— What this task involves —
Copy out all the entries below, word for word.

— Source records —
= Beginning of Section =

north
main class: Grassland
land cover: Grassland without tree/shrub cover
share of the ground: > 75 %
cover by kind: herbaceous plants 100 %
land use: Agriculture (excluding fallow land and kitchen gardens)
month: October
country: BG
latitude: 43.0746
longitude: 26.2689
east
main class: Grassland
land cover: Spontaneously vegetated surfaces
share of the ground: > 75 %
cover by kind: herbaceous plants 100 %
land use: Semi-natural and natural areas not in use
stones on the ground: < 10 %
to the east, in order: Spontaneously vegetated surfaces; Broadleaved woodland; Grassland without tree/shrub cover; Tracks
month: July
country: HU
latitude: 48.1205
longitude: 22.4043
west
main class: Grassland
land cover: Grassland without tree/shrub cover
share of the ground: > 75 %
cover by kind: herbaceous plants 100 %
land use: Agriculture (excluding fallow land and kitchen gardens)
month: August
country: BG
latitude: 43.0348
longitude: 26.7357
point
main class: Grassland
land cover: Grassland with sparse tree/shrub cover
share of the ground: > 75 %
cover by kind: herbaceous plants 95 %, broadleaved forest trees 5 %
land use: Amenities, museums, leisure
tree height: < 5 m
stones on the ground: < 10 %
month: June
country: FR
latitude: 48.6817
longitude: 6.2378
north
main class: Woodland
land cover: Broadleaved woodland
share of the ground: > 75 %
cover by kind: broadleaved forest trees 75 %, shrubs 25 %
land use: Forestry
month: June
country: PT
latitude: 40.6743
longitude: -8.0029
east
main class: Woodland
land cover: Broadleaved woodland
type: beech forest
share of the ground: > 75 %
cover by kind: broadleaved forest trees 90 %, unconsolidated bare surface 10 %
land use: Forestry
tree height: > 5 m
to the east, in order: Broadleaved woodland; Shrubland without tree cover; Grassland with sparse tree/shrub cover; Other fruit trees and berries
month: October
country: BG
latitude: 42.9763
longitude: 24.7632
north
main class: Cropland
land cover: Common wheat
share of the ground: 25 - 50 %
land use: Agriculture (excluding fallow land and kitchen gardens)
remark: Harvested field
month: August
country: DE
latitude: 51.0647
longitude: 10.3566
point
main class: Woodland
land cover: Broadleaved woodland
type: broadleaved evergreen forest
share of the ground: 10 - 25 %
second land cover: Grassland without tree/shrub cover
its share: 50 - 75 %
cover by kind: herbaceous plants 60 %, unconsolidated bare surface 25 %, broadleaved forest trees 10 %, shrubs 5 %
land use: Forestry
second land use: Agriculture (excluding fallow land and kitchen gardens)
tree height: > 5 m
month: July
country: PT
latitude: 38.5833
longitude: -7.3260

= End of Section =

— Exercise result —
north
main class: Grassland
land cover: Grassland without tree/shrub cover
share of the ground: > 75 %
cover by kind: herbaceous plants 100 %
land use: Agriculture (excluding fallow land and kitchen gardens)
month: October
country: BG
latitude: 43.0746
longitude: 26.2689
east
main class: Grassland
land cover: Spontaneously vegetated surfaces
share of the ground: > 75 %
cover by kind: herbaceous plants 100 %
land use: Semi-natural and natural areas not in use
stones on the ground: < 10 %
to the east, in order: Spontaneously vegetated surfaces; Broadleaved woodland; Grassland without tree/shrub cover; Tracks
month: July
country: HU
latitude: 48.1205
longitude: 22.4043
west
main class: Grassland
land cover: Grassland without tree/shrub cover
share of the ground: > 75 %
cover by kind: herbaceous plants 100 %
land use: Agriculture (excluding fallow land and kitchen gardens)
month: August
country: BG
latitude: 43.0348
longitude: 26.7357
point
main class: Grassland
land cover: Grassland with sparse tree/shrub cover
share of the ground: > 75 %
cover by kind: herbaceous plants 95 %, broadleaved forest trees 5 %
land use: Amenities, museums, leisure
tree height: < 5 m
stones on the ground: < 10 %
month: June
country: FR
latitude: 48.6817
longitude: 6.2378
north
main class: Woodland
land cover: Broadleaved woodland
share of the ground: > 75 %
cover by kind: broadleaved forest trees 75 %, shrubs 25 %
land use: Forestry
month: June
country: PT
latitude: 40.6743
longitude: -8.0029
east
main class: Woodland
land cover: Broadleaved woodland
type: beech forest
share of the ground: > 75 %
cover by kind: broadleaved forest trees 90 %, unconsolidated bare surface 10 %
land use: Forestry
tree height: > 5 m
to the east, in order: Broadleaved woodland; Shrubland without tree cover; Grassland with sparse tree/shrub cover; Other fruit trees and berries
month: October
country: BG
latitude: 42.9763
longitude: 24.7632
north
main class: Cropland
land cover: Common wheat
share of the ground: 25 - 50 %
land use: Agriculture (excluding fallow land and kitchen gardens)
remark: Harvested field
month: August
country: DE
latitude: 51.0647
longitude: 10.3566
point
main class: Woodland
land cover: Broadleaved woodland
type: broadleaved evergreen forest
share of the ground: 10 - 25 %
second land cover: Grassland without tree/shrub cover
its share: 50 - 75 %
cover by kind: herbaceous plants 60 %, unconsolidated bare surface 25 %, broadleaved forest trees 10 %, shrubs 5 %
land use: Forestry
second land use: Agriculture (excluding fallow land and kitchen gardens)
tree height: > 5 m
month: July
country: PT
latitude: 38.5833
longitude: -7.3260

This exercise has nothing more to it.